### WHAT TO PRODUCE
Find the word "wood" in the listing below, then return every line it appears in.

### INPUT

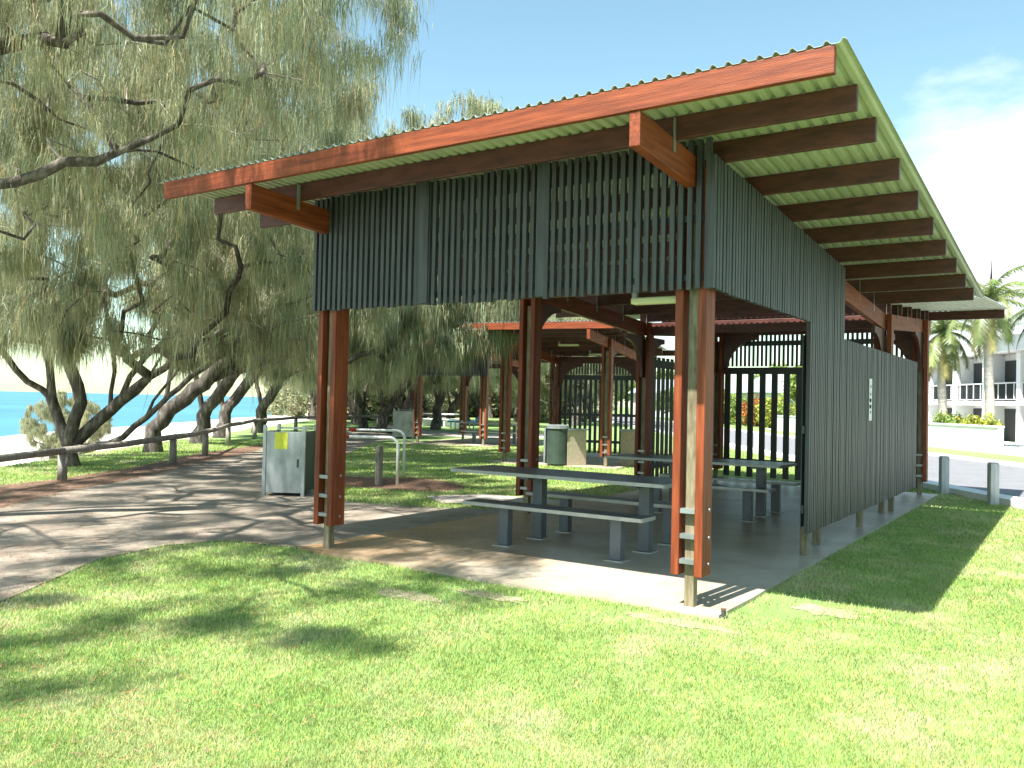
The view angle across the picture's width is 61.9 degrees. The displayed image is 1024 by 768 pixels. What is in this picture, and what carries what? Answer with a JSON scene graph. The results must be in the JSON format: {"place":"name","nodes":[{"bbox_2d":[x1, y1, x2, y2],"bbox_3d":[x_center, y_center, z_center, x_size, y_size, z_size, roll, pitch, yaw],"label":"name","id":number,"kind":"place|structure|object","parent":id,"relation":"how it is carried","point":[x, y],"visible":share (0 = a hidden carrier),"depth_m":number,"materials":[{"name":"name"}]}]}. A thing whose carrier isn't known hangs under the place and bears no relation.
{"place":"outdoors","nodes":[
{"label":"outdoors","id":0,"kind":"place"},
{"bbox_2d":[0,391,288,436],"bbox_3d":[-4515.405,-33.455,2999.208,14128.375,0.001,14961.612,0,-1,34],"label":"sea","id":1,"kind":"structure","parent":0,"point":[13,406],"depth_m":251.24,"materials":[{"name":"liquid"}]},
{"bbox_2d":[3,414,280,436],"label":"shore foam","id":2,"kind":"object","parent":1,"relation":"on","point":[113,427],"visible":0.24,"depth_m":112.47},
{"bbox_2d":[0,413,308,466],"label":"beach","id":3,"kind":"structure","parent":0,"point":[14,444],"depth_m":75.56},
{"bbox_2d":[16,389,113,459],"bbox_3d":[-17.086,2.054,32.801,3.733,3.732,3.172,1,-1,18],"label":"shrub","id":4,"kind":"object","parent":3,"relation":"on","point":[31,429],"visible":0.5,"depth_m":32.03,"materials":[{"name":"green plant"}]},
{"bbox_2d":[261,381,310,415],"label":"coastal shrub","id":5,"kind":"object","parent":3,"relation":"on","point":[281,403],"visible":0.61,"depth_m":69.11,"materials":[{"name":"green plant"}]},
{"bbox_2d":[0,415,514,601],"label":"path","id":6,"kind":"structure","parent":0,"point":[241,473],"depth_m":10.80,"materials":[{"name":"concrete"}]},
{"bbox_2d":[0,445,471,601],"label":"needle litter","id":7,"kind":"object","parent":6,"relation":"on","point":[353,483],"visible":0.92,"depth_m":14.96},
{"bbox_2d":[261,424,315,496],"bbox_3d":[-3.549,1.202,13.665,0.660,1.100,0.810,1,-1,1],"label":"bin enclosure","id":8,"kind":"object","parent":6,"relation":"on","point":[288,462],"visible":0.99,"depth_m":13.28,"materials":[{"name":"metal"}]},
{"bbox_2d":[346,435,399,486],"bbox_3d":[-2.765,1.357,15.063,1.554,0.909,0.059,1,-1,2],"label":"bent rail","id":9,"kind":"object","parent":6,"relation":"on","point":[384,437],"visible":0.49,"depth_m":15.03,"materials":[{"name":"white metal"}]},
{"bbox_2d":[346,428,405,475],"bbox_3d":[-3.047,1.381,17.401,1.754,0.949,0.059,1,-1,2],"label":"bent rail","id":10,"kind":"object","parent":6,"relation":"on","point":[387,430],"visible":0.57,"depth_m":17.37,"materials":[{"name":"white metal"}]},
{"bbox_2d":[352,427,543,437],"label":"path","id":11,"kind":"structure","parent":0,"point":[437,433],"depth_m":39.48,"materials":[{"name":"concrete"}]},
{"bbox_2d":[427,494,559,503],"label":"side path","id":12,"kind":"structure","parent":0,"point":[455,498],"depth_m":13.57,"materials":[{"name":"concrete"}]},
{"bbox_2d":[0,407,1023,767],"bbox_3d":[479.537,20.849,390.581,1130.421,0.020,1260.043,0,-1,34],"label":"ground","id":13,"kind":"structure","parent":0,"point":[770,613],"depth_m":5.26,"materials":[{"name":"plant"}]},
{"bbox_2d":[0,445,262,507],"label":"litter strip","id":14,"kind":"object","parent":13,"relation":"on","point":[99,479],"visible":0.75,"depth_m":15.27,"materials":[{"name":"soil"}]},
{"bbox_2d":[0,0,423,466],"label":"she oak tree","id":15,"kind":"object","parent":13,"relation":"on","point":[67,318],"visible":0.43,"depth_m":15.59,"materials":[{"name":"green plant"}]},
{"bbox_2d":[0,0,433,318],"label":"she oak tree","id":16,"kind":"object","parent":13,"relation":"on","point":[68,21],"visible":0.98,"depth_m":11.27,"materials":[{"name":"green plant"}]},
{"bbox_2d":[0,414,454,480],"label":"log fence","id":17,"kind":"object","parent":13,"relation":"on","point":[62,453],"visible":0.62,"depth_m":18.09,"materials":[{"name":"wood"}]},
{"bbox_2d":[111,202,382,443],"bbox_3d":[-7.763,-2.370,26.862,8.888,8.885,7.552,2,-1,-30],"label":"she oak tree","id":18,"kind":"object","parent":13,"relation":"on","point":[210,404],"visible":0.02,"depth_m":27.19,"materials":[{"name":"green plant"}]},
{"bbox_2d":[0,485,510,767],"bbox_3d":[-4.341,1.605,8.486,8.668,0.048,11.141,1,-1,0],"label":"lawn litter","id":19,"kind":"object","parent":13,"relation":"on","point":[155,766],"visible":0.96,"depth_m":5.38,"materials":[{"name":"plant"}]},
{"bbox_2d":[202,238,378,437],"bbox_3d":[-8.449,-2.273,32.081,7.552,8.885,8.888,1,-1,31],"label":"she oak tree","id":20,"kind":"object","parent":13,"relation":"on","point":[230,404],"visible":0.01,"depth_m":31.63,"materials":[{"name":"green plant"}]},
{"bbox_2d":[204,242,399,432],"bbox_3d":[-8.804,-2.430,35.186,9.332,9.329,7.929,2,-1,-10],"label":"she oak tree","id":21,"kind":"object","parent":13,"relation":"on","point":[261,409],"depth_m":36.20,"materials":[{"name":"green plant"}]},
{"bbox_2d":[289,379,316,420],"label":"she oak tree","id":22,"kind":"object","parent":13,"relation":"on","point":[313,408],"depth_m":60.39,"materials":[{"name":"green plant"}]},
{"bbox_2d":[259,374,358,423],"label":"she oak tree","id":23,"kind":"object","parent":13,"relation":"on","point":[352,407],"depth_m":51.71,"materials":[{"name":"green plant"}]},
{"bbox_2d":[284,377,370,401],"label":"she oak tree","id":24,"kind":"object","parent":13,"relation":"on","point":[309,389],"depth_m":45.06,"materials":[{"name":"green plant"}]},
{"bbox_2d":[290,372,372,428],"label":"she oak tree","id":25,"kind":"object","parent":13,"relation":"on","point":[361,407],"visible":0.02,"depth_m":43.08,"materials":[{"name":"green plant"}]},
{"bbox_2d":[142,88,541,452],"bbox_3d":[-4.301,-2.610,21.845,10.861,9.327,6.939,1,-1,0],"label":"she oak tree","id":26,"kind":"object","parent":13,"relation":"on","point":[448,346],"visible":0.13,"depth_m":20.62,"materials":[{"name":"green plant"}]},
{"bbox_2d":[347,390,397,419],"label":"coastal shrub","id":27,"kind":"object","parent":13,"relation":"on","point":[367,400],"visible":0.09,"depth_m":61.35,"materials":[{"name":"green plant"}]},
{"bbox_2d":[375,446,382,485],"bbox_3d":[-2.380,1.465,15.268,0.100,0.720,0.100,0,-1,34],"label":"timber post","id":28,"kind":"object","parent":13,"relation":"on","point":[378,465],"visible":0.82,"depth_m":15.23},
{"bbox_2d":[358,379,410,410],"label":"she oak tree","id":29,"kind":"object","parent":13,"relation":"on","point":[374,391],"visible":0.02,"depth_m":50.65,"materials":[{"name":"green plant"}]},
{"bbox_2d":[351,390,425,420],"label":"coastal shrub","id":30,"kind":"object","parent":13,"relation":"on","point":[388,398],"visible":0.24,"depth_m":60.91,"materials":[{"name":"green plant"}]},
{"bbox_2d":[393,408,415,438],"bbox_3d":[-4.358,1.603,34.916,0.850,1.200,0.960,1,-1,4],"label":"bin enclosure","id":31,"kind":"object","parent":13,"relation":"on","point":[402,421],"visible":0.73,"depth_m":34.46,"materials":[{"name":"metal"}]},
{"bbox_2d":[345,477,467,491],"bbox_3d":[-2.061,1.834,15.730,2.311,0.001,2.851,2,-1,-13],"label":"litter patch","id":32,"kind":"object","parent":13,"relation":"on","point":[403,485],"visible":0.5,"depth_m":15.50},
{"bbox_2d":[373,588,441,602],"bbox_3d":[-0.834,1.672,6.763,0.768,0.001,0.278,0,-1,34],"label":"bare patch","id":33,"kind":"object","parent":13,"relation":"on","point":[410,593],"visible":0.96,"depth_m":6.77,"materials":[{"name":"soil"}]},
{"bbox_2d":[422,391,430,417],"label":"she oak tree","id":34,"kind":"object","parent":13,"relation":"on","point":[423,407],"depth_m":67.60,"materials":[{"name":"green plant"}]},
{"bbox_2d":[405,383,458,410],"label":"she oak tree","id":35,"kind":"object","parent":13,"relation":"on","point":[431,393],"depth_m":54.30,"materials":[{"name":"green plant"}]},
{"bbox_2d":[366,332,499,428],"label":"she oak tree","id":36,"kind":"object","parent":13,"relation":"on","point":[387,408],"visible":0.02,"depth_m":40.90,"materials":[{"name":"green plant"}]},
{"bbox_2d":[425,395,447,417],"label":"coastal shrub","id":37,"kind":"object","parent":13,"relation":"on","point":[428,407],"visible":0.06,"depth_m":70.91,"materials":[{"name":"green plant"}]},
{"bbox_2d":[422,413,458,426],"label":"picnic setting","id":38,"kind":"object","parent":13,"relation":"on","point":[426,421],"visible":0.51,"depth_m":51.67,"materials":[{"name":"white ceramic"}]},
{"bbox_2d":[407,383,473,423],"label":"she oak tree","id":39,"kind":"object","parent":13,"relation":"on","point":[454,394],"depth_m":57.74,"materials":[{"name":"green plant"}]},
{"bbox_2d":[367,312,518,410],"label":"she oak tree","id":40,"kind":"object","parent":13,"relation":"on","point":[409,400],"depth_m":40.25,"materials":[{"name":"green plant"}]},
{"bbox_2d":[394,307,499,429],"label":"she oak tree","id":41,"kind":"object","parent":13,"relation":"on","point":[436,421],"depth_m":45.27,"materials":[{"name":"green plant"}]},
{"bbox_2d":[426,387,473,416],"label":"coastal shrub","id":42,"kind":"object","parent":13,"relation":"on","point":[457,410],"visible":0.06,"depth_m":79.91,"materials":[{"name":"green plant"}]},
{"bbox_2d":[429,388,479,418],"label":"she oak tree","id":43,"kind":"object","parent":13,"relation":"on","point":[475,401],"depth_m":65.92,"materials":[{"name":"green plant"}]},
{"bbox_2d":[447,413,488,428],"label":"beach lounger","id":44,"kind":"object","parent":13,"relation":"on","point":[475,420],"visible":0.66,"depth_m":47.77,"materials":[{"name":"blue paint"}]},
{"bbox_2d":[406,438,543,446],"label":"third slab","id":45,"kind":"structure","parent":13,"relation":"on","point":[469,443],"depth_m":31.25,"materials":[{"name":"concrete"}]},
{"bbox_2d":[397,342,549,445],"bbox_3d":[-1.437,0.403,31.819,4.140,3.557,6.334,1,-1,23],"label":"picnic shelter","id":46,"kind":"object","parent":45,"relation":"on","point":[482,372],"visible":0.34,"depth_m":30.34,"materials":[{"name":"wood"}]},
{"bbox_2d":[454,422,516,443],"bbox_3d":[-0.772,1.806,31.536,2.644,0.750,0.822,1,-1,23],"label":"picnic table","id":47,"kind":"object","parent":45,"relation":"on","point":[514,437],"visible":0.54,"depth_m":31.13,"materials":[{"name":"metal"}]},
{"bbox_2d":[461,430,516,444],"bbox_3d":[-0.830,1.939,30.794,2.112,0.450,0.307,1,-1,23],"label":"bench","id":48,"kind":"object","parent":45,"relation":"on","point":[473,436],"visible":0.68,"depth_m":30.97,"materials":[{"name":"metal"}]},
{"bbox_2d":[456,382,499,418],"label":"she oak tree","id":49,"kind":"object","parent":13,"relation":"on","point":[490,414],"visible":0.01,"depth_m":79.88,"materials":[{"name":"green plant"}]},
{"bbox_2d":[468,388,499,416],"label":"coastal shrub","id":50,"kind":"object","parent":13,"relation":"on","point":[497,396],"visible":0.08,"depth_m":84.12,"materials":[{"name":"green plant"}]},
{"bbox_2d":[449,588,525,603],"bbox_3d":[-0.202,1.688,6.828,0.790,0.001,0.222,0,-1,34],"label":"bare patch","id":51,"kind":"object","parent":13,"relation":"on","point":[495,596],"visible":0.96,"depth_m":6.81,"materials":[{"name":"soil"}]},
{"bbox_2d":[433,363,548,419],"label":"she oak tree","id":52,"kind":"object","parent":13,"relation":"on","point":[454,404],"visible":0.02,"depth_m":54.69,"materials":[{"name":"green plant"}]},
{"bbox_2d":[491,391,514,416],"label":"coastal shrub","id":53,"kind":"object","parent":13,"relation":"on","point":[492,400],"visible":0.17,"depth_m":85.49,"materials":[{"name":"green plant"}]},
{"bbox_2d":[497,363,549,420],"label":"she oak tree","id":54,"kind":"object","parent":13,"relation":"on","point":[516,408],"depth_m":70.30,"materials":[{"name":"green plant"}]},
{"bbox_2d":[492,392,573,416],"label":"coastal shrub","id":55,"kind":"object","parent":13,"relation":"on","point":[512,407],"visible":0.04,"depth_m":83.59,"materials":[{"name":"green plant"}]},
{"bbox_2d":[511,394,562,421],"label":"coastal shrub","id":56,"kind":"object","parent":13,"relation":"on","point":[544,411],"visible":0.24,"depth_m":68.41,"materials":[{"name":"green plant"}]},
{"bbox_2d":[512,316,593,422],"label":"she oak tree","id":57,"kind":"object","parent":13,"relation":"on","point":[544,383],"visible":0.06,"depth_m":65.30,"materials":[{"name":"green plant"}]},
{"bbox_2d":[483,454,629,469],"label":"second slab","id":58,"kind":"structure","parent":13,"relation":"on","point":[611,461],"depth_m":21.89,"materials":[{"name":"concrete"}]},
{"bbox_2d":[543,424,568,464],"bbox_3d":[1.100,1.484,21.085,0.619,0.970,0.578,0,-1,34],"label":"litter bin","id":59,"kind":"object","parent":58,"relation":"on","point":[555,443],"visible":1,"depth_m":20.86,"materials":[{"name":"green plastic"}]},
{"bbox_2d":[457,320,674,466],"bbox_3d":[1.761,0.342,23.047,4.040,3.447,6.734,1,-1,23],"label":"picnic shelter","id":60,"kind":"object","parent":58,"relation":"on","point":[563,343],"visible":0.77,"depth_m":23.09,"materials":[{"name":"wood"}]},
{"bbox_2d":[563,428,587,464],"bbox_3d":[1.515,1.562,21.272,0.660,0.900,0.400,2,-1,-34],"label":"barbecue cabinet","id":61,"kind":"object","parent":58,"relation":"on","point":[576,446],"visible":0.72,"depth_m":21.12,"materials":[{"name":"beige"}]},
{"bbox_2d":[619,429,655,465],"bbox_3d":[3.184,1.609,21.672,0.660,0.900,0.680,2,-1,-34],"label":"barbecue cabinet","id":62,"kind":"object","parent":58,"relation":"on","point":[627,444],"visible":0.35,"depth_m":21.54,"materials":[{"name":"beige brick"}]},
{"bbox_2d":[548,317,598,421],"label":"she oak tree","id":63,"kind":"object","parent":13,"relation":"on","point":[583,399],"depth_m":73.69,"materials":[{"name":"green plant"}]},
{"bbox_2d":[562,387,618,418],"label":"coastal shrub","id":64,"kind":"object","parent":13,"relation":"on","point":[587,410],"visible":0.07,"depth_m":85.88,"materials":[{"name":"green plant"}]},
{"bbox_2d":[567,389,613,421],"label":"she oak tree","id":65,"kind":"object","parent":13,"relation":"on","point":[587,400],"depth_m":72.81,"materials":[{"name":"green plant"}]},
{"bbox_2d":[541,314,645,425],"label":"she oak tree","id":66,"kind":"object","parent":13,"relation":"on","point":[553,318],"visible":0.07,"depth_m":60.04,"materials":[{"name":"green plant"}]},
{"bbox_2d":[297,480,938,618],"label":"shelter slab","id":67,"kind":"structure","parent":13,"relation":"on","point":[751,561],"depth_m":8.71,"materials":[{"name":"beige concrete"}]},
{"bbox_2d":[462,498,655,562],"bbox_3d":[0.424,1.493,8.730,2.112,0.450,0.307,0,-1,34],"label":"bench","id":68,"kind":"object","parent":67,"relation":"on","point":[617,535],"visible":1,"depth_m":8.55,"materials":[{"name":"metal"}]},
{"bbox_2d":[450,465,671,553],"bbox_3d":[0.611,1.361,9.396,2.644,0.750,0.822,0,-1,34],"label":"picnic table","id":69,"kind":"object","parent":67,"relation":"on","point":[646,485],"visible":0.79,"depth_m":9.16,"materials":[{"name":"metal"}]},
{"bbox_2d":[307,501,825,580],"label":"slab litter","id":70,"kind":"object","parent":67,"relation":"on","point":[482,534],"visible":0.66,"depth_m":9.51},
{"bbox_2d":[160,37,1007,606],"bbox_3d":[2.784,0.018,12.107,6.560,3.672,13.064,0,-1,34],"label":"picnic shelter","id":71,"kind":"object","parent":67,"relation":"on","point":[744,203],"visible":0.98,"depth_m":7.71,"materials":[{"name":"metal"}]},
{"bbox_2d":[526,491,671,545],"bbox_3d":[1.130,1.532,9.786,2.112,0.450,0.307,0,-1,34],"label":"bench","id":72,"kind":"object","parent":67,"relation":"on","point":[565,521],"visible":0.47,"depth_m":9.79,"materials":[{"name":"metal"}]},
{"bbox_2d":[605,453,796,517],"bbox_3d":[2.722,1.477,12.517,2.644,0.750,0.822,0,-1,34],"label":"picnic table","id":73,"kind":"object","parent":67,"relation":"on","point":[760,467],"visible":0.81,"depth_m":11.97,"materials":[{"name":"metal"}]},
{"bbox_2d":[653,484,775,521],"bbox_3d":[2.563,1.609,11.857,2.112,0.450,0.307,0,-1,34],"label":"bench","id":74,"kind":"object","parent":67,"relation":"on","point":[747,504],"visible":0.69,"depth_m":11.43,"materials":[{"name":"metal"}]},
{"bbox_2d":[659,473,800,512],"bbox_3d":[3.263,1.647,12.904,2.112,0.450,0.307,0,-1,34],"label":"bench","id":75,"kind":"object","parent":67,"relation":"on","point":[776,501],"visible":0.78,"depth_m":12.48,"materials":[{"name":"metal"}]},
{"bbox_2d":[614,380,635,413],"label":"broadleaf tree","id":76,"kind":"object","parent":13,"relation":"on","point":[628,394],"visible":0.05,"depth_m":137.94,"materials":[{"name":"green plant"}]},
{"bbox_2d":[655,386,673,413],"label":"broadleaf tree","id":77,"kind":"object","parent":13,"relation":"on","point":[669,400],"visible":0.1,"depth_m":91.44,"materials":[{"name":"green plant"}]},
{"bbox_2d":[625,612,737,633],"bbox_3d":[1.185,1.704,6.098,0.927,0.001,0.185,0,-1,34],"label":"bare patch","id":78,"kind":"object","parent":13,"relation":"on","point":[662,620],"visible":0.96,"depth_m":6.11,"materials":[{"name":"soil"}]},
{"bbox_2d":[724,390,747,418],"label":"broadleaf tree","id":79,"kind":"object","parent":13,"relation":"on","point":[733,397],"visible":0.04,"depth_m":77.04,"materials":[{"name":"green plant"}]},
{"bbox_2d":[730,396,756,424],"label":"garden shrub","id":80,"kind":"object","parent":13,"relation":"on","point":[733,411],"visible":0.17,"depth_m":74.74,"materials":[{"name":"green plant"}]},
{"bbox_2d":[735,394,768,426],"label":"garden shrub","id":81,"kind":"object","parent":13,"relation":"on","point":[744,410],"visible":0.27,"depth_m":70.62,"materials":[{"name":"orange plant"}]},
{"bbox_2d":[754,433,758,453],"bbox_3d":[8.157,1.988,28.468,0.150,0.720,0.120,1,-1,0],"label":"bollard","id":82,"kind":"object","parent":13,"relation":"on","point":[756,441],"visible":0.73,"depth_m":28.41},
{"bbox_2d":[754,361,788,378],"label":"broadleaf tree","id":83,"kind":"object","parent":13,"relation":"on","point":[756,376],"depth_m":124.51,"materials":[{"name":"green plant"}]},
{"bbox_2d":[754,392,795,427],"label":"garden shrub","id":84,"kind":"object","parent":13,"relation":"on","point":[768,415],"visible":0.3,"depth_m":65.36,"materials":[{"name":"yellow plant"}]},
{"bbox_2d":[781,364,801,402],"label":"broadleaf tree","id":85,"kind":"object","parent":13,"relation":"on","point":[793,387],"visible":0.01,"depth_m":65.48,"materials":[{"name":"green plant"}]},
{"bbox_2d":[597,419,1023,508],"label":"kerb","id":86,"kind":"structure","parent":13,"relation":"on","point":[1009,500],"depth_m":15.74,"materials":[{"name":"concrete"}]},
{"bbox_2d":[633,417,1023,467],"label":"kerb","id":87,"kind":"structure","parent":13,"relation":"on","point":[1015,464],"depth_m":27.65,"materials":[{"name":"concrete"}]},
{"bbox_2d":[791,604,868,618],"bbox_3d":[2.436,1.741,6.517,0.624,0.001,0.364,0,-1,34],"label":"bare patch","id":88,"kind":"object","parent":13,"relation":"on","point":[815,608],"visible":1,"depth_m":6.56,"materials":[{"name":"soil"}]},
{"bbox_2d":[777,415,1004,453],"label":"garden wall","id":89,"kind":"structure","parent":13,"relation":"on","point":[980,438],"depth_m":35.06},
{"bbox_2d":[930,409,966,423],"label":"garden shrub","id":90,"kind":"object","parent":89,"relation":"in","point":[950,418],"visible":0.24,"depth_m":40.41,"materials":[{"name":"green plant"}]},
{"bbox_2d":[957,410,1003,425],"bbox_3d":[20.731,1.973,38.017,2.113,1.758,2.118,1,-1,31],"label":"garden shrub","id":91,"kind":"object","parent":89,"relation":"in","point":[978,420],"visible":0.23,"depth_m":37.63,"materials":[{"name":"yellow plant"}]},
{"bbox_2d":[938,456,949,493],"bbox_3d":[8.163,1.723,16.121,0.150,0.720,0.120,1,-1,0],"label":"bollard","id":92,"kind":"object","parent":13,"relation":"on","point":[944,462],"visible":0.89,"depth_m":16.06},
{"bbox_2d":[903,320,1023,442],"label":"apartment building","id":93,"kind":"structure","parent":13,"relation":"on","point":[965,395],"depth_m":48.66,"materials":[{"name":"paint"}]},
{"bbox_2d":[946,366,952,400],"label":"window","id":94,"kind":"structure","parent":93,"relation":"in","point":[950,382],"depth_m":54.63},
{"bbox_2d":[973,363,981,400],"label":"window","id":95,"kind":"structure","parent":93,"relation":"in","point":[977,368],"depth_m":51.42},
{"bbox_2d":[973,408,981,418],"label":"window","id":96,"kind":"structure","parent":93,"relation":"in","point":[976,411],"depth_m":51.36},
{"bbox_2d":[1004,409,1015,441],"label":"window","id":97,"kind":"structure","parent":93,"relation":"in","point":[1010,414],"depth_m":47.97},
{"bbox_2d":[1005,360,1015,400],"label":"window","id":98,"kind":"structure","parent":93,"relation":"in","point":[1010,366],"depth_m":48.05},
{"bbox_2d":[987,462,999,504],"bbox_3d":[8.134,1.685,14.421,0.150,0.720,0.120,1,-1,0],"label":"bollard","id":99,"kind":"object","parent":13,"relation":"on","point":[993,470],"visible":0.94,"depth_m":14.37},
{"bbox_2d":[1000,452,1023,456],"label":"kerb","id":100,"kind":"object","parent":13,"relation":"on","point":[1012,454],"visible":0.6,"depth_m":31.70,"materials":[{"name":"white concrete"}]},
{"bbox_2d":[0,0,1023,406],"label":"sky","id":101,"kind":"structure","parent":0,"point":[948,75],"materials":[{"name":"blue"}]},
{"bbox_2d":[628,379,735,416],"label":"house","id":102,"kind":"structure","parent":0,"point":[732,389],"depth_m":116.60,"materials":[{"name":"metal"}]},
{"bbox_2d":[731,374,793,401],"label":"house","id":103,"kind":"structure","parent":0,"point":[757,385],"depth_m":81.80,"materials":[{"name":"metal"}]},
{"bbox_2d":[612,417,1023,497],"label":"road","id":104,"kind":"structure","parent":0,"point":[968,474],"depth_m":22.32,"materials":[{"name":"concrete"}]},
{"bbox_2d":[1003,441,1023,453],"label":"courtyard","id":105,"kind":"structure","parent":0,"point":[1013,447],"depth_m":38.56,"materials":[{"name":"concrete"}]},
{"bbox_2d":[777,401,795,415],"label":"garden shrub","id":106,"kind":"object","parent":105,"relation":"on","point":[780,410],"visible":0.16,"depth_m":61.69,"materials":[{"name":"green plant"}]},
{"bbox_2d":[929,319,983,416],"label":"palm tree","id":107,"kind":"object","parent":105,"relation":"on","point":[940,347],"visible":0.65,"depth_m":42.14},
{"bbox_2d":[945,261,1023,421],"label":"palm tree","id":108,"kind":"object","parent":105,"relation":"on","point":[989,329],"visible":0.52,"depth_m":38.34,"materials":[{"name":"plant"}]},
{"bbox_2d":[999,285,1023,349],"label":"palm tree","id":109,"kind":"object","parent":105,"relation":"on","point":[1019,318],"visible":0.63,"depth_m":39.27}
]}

### RESPONSE TO THIS EXERCISE
{"bbox_2d":[0,414,454,480],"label":"log fence","id":17,"kind":"object","parent":13,"relation":"on","point":[62,453],"visible":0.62,"depth_m":18.09,"materials":[{"name":"wood"}]},
{"bbox_2d":[397,342,549,445],"bbox_3d":[-1.437,0.403,31.819,4.140,3.557,6.334,1,-1,23],"label":"picnic shelter","id":46,"kind":"object","parent":45,"relation":"on","point":[482,372],"visible":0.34,"depth_m":30.34,"materials":[{"name":"wood"}]},
{"bbox_2d":[457,320,674,466],"bbox_3d":[1.761,0.342,23.047,4.040,3.447,6.734,1,-1,23],"label":"picnic shelter","id":60,"kind":"object","parent":58,"relation":"on","point":[563,343],"visible":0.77,"depth_m":23.09,"materials":[{"name":"wood"}]},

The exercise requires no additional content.